Às vezes, só mesmo recorrendo à Constituição, e entre aspas!, para evocar um pouco de lucidez ao debate. É o que parece ser necessário em São Paulo, onde o governo Geraldo Alckmin, numa medida adotada sem alarde em 2014, classificou acervos do setor de transporte público com o carimbo ultrassecreto, grau de sigilo máximo para documentos oficiais, cujo prazo de validade é de 25 anos. Trocando em miúdos, se o governador não tivesse voltado atrás, o cidadão só iria saber em 2040 os motivos do atraso nas obras do monotrilho da capital, bem como outras questões, banais ou importantes, relacionadas aos trens metropolitanos e aos ônibus interestaduais.
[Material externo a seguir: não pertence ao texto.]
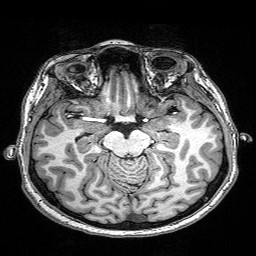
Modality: T1w
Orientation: coronal
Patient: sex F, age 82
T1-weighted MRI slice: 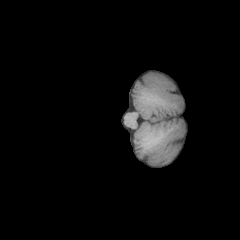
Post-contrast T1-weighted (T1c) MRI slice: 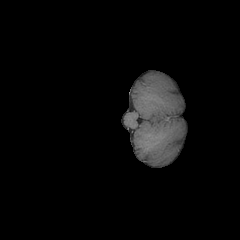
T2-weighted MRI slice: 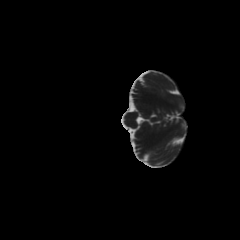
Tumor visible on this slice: no
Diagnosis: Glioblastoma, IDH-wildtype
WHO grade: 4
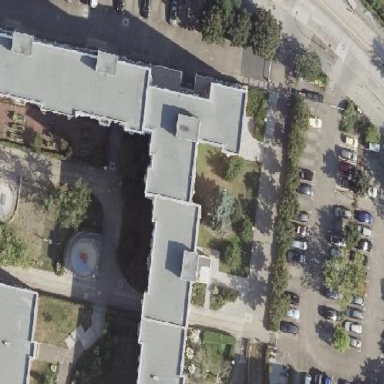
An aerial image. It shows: Building with apartments and flat roof.
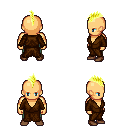
a pixel art fantasy rpg character, male body template, human, tanned skin, brown robe, teal pants, gold mohawk hairstyle, brown shoes, four views (front, back, left, right), 2x2 character sprite sheet, small pixel art, hard edges, no anti-aliasing
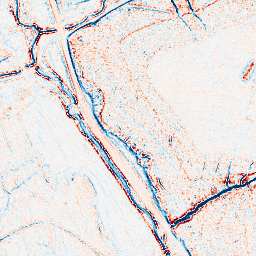
Category: edge_preserving
Decomposition family: anisotropic_diffusion
Decomposition parameters: iterations: 5
kappa: 10
gamma: 0.2
Upsampling method: sinc_blackman
Upsampling parameters: scale: 4
kernel_size: 16
Upsampling scale: 4

Por favor, volte agora ao trecho do texto constitucional transcrito acima. Os administradores públicos precisam ser lembrados a todo tempo: a transparência no trato da coisa pública não é apenas um direito do cidadão, mas um dever do Estado. No Brasil, contudo, a tradição é o inverso, um ranço profundo e resistente da ditadura.

  Foto: Gil Dicelli

Pouco mais de quarenta anos atrás, no auge da repressão promovida pelo regime militar, as Forças Armadas começaram a microfilmar seus arquivos secretos, já prevendo talvez que no futuro seria necessário buscar um refúgio seguro para dados que contavam histórias de sequestro, tortura, assassinato e ocultação de cadáver. Apenas entre 1972 e 1973, o serviço secreto da força naval, o Cenimar (Centro de Informações da Marinha), miniaturizou 1.230.213 páginas de seu acervo, sendo 42.777 páginas referentes a “pessoas mortas”. Os 22 rolos de microfilme que reproduziam todo esse material caberiam facilmente em oito caixas de sapato. Esse acervo, que continha informações sobre os combates à guerrilha do Araguaia, por exemplo, nunca foi tornado público, apesar das decisões em contrário da Justiça Federal de Brasília e da Corte Interamericana de Direitos Humanos, sem falar nos esforços mais recentes da Comissão Nacional da Verdade (CNV).

Terminada a ditadura, em 1985, as Forças Armadas assumiram um discurso monocórdio: os arquivos da ditadura teriam sido destruídos em época incerta e sem deixar registro. Como se fosse crível que Exército, Marinha e Aeronáutica tratassem como papel velho que ocupa demasiado espaço no fundo dos armários os acervos referentes aos combates contra a guerrilha do Araguaia. Seria o mesmo que jogar no lixo, para limpar gavetas, a memória da maior mobilização militar desde a 2ª Guerra Mundial, em que mais de 2.000 homens foram empregados em um raro evento de combate real e em uma modalidade de luta ainda mais incomum, a guerra de guerrilhas. Uma memória, no mínimo, essencial para o adestramento da tropa e o aprimoramento das estratégias e táticas de combate e de defesa.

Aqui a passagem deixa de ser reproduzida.